Tuesday 13 May 2014

standing in my strength





Unconditionally loving and nurturing myself was high on my agenda for mothers day. It's not something I scratch into my weekly timetable of events, figuring that eating healthy, thinking consciously and occupying a present state of being will get me through the short and curlies of life.


Throwing aside my families needs and looking after number one is difficult for me to do. I'm hardwired to look after all in my circle. 

It's a persistent trait handed down through the generations of mothers of mothers of mothers. And journeying in the well grooved path of attachment parenting for the past nine years I've been aware my tanks were veering on the outa control empty side...with a yellow light flashing!

Having high expectations on how I'd like my life to fall into place often lands me in trouble. 

Waiting for others to do as I'd like, rarely turns out the way I've intended, and tired of the routine of blame and martyrdom, I decided to take the day into my own hands. 

Instead of lowering my sights, I've decided to keep my highly positive outlook on life and work on the desired outcome myself.

That's when I booked my sacred feminine yoga retreat, a nurturing all woman retreat falling on a weekend of epic proportions!

Having done some research, and looked into the how-to-do and can-i-fit-it-in bits, I called a family huddle (a bit like a meeting but with a more loving title and perhaps more to the point!) 

I asked if it would be alright if I booked myself into Anahata yoga retreat 

... just for the night. 

I'd be walking into a programme two thirds of the way through, so wouldn't be gone long. 

And I promised to be home after lunch on Mothers day. 

After the initial disappointment that they wouldn't be able to have breakfast in bed and smooches all day with mama, the children moved on quickly to more exciting aspects of their Sunday ... a community meal and celebration, apple picking and hanging out with playmates.






Managing to organise my family's full schedule of weekend delights, I created meals in advance, made a mothers day cake for all to indulge in, organised playdates and football to fall in place, as I crammed in time for myself. 

Knowing I was missing an epic party celebrating a friends 40th and a celebration honouring a friend being initiated into the land we live on, followed by celebrations and rounded off with a community afternoon of apple picking made it easier for the children knowing that they were doing something more fun than watching mama lay around in bed. 

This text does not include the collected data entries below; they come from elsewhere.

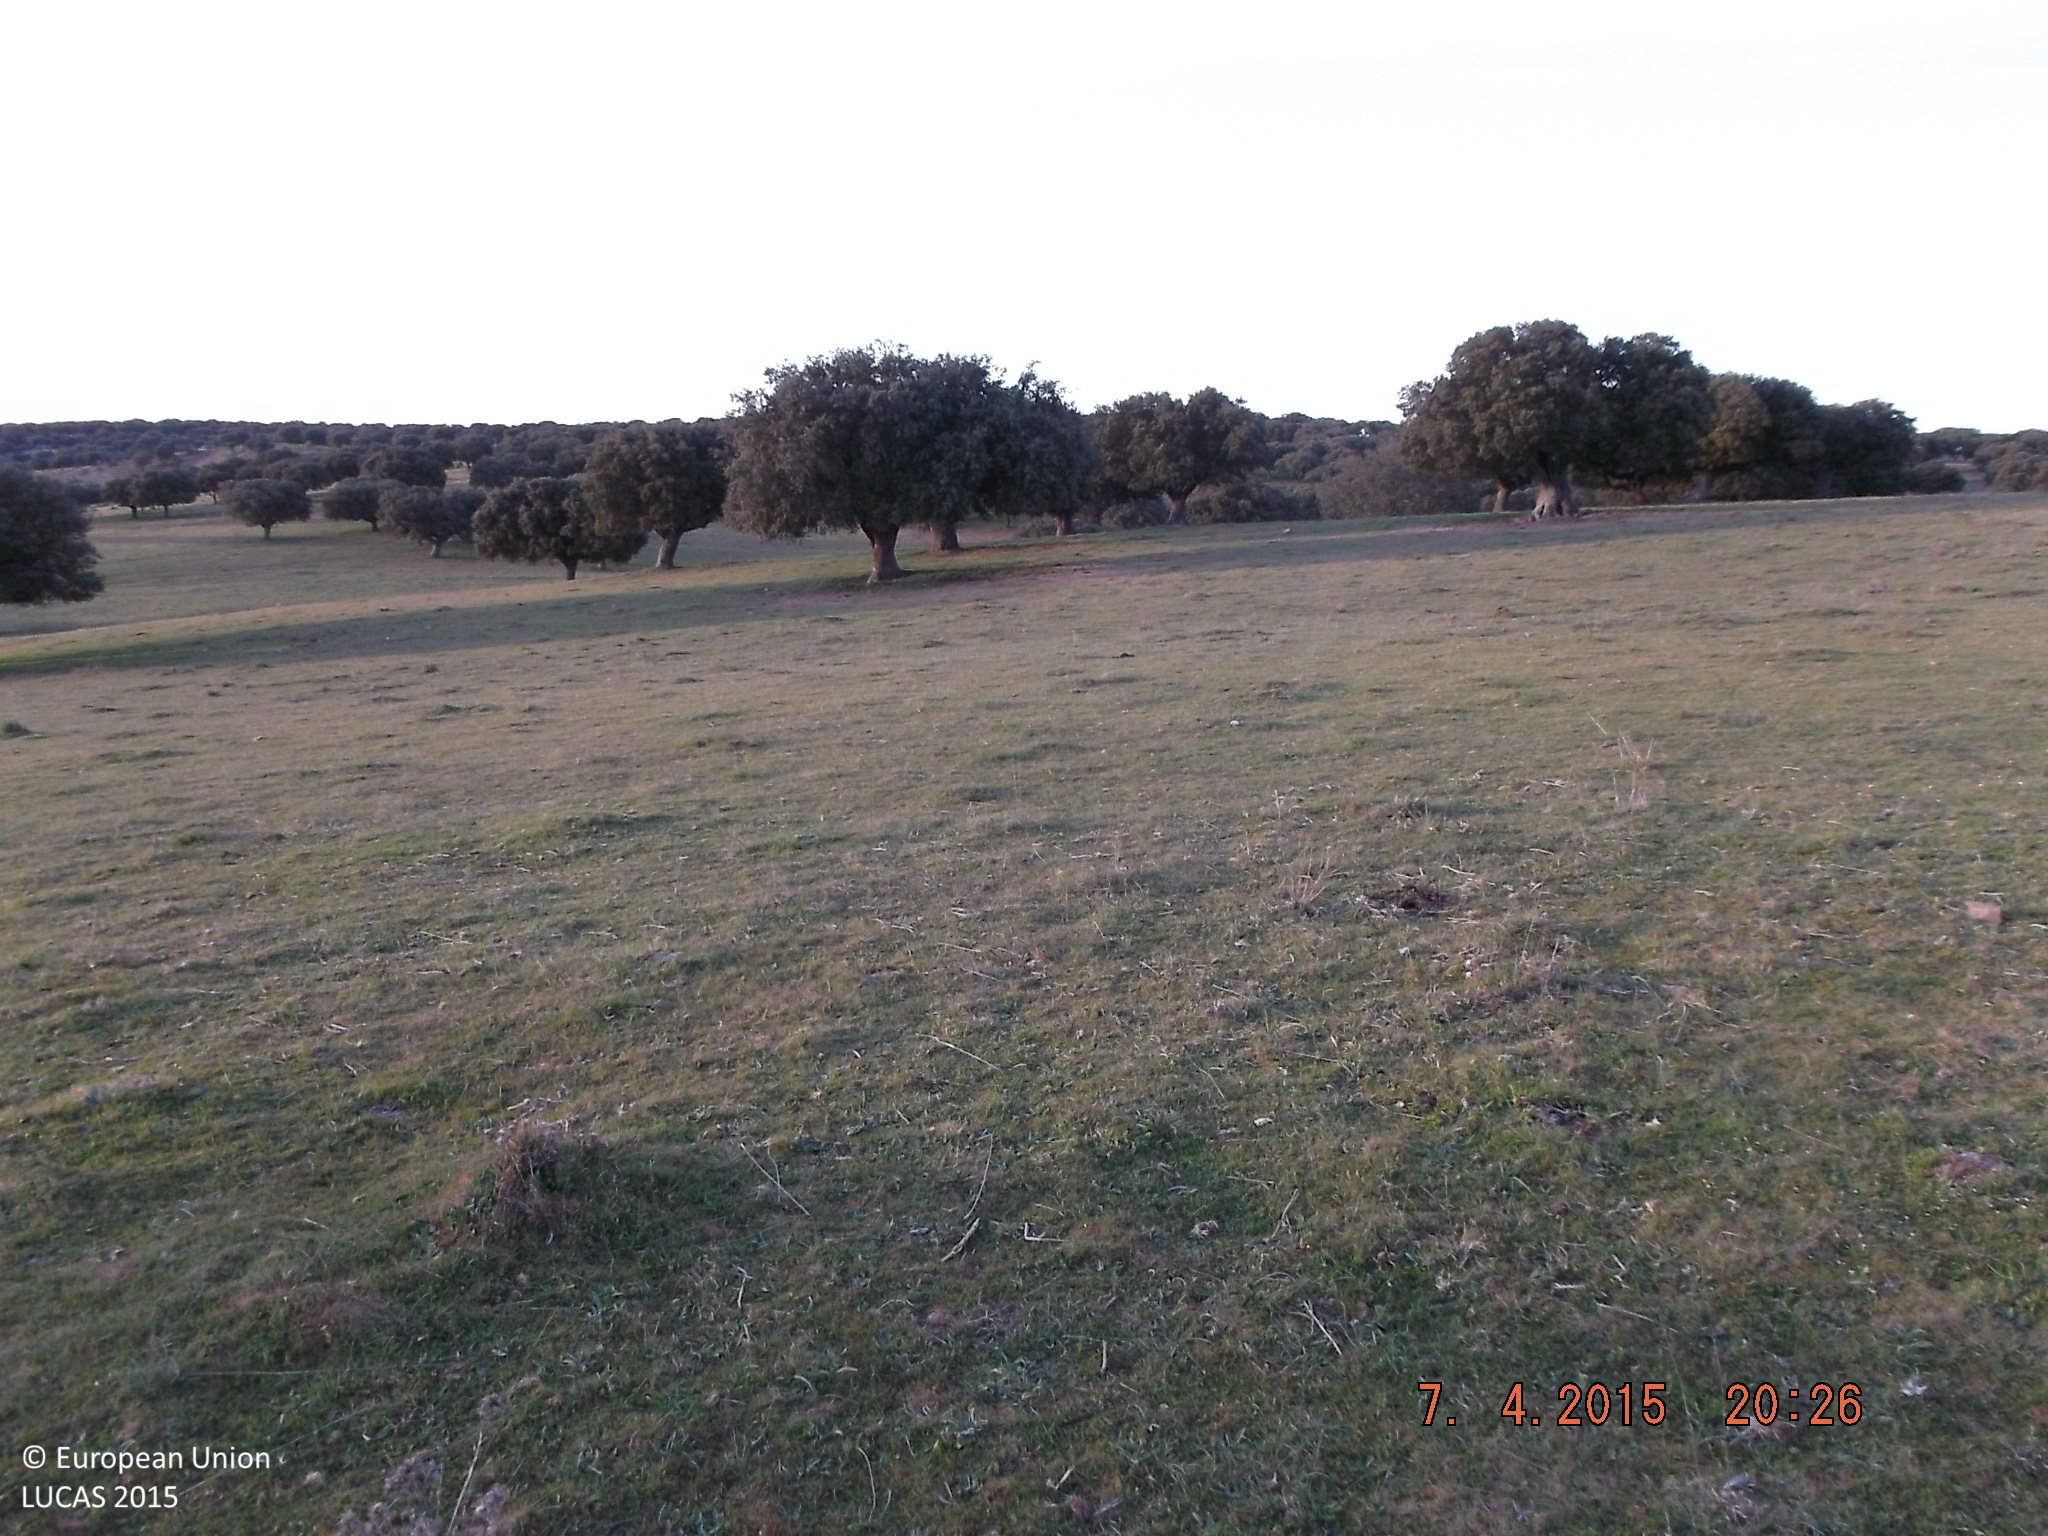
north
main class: Grassland
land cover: Grassland without tree/shrub cover
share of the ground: > 75 %
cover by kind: herbaceous plants 100 %
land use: Agriculture (excluding fallow land and kitchen gardens)
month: April
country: ES
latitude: 40.7862
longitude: -5.8752

And as I'd made my bed ... I just had to let go and know that I was doing the right thing.

Driving up the never ending road to the sacredness of the mountain, I felt the time restraints clatter behind me, and my wheels took on wings as I left the day to day world to the hazy horizon. The more creeks I crossed and the more farm gates I opened and closed, I allowed myself to settle into a place of nurturing me, challenging myself to transition into woman ...not mama, not wife or friend. 


Just me.


And through massage exchange, meditation, yoga practice, sacred sound, dance and ritual, I found myself longing for more time to be me.







Expanding my heart, opening myself up through silence and intentional thought and creating space through stilling my mind, let me let go, just be me, without any interruptions, excuses or weaning myself off other's expectations.

And when I walked through the orchard on Sunday afternoon to a gaggle of friends of all ages hanging out in the trees, under a beauty-full lit Autumn day, I wholly realised the gift of unconditional love and nurturing. 

My tanks overspilling with gratitude and love, my children hurled themselves at me as a human blanket, my beloved cloaked me with his arms and I fully took in the beauty-full scene of a community coming together, each celebrating the divine feminine as one.